Work instruction>
Copy the records below line by line and word for word, from the very first line through the line with "[0:00.0-0:12.0]", omitting each picture.

Data extracted from a collection>
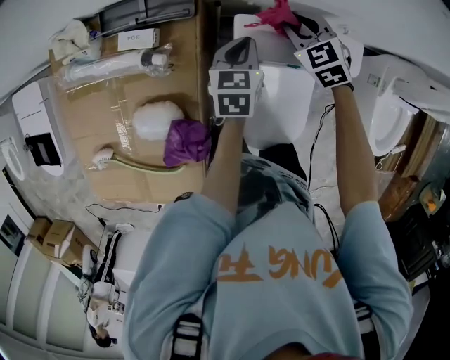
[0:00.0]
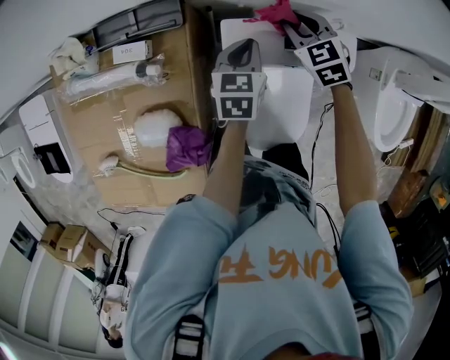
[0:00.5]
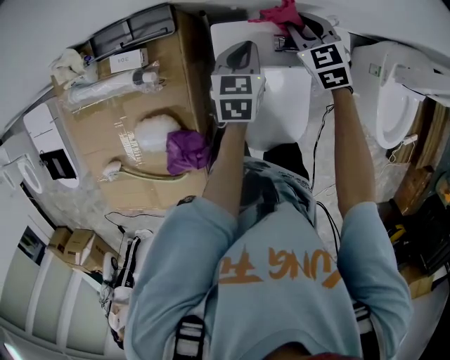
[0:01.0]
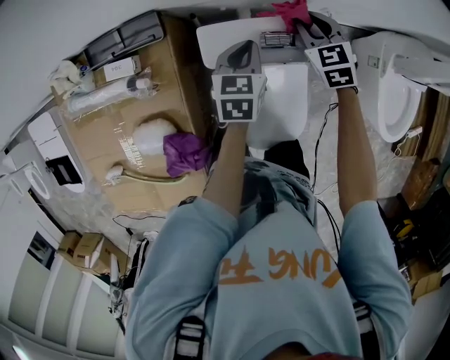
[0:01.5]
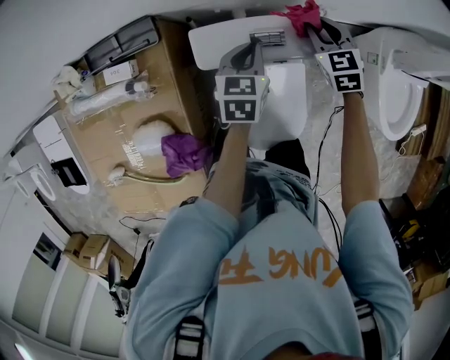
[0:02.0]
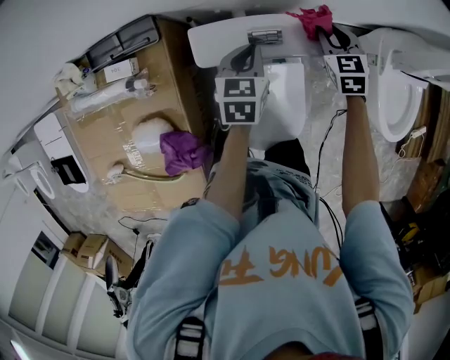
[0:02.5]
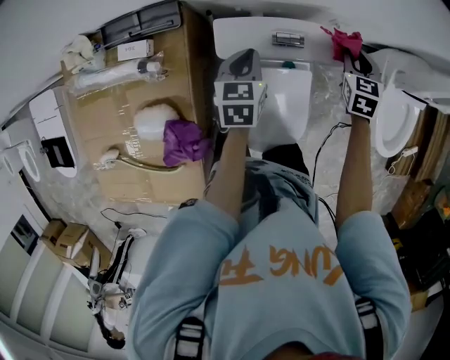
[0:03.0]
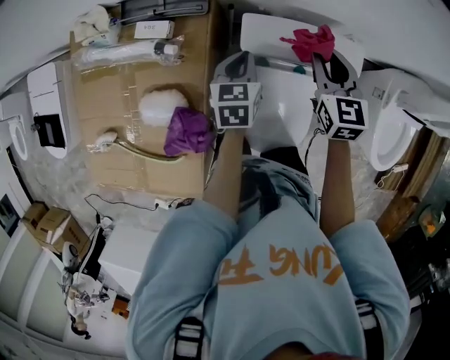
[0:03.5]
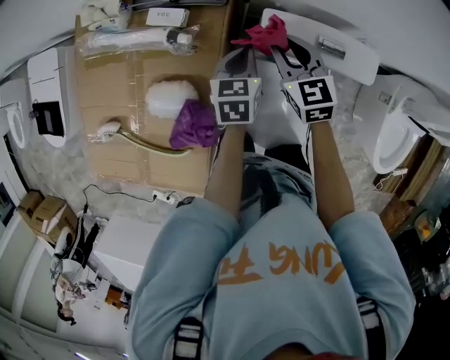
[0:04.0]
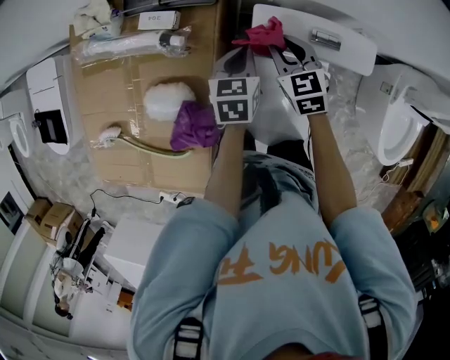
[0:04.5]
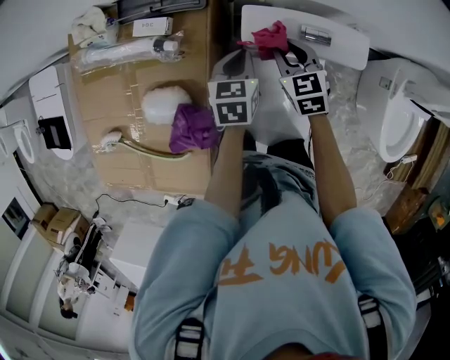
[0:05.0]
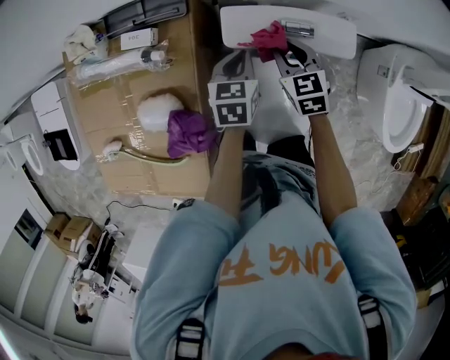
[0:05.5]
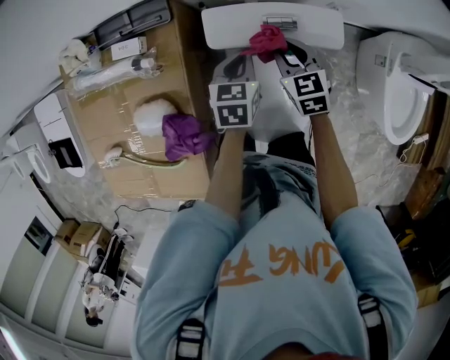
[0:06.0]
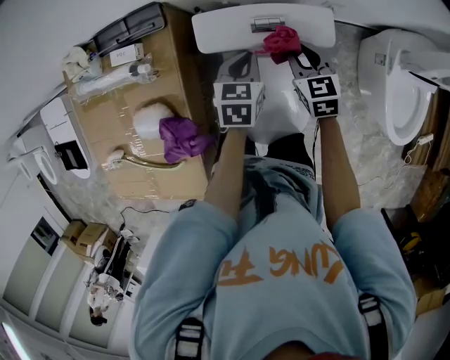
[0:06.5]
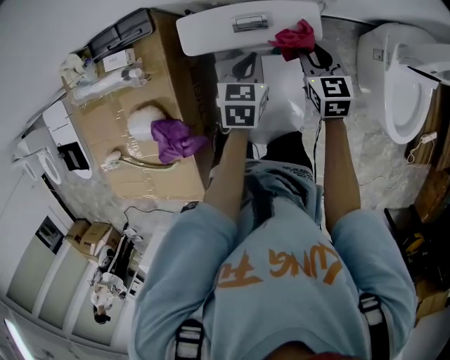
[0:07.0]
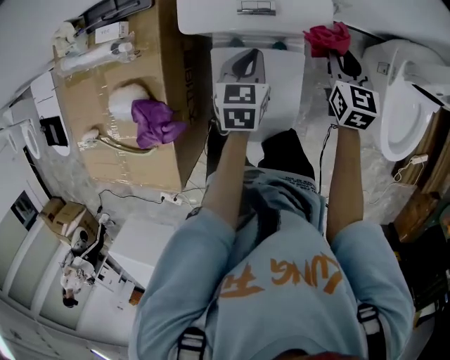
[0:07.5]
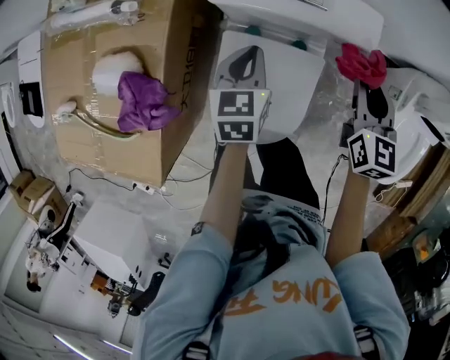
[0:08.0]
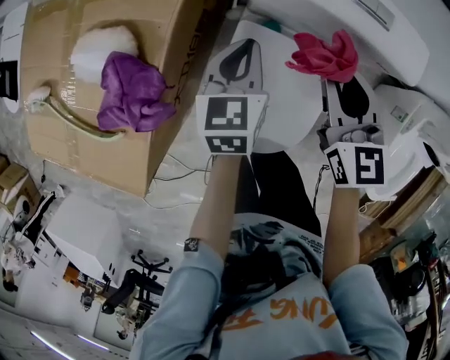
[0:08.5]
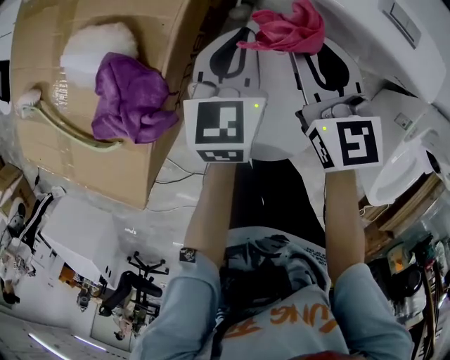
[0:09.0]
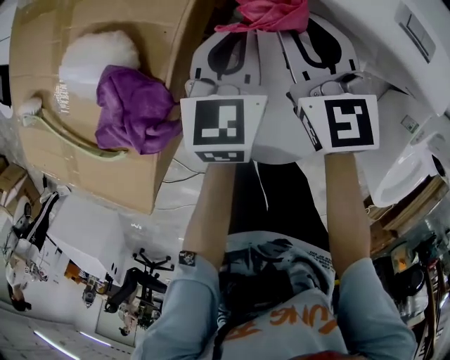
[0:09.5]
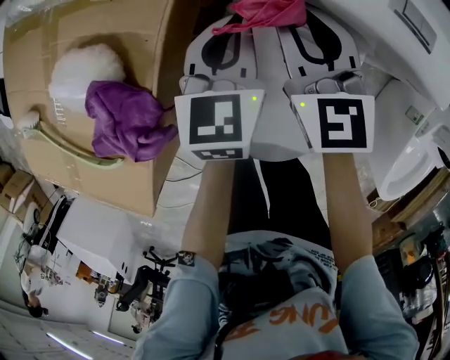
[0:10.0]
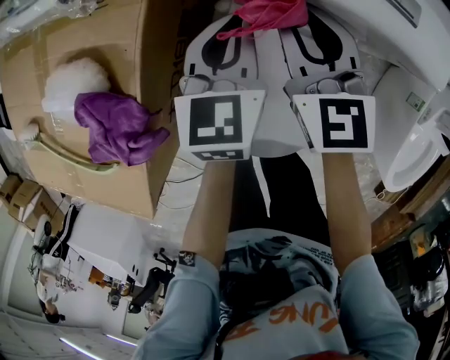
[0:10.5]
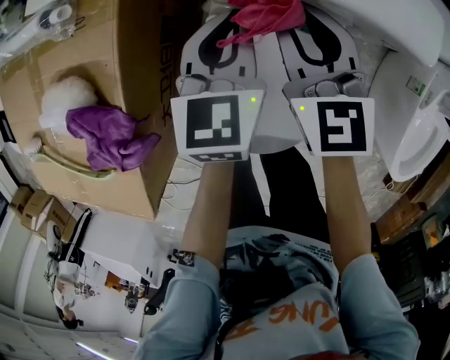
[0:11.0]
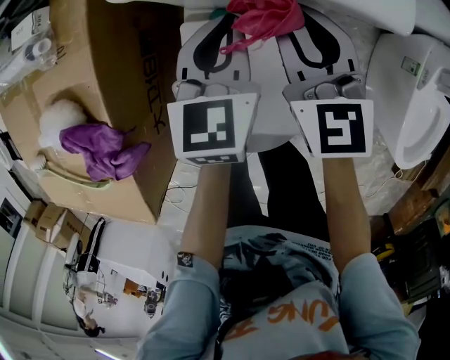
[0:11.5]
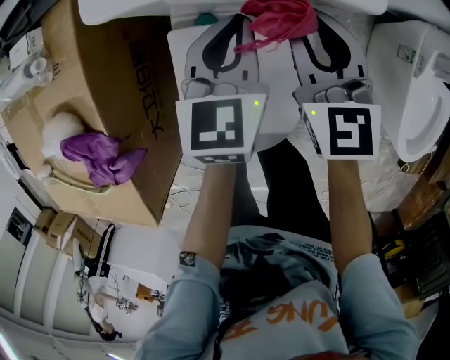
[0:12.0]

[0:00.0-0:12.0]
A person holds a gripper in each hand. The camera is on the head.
0:00.0 to 0:02.0: The right gripper is displaced to the right by some 20 cm, and swivels some 20 degrees. The left gripper goes some 15 cm to the right.
0:02.0 to 0:04.0: The right gripper moves some 30 cm, and turns by some 20 degrees. The left gripper shifts by about 20 cm, and changes its angle by approximately 20 degrees.
0:04.0 to 0:06.0: The two grippers go approximately 15 cm to the right.
0:06.0 to 0:08.0: The left gripper shifts approximately 10 cm backward and downward, and reaches roughly 10 cm to the right, then returns. Meanwhile the right gripper shifts roughly 15 cm to the right.
0:08.0 to 0:10.0: The left gripper heads to the left, forward and downward, covering some 15 cm. Meanwhile the right gripper moves to the left and forward, about 30 cm, and changes its angle by some 30 degrees.
0:10.0 to 0:12.0: Both grippers travel together to the right, about 20 cm.

Solution below>
[0:00.0]
[0:00.5]
[0:01.0]
[0:01.5]
[0:02.0]
[0:02.5]
[0:03.0]
[0:03.5]
[0:04.0]
[0:04.5]
[0:05.0]
[0:05.5]
[0:06.0]
[0:06.5]
[0:07.0]
[0:07.5]
[0:08.0]
[0:08.5]
[0:09.0]
[0:09.5]
[0:10.0]
[0:10.5]
[0:11.0]
[0:11.5]
[0:12.0]

[0:00.0-0:12.0]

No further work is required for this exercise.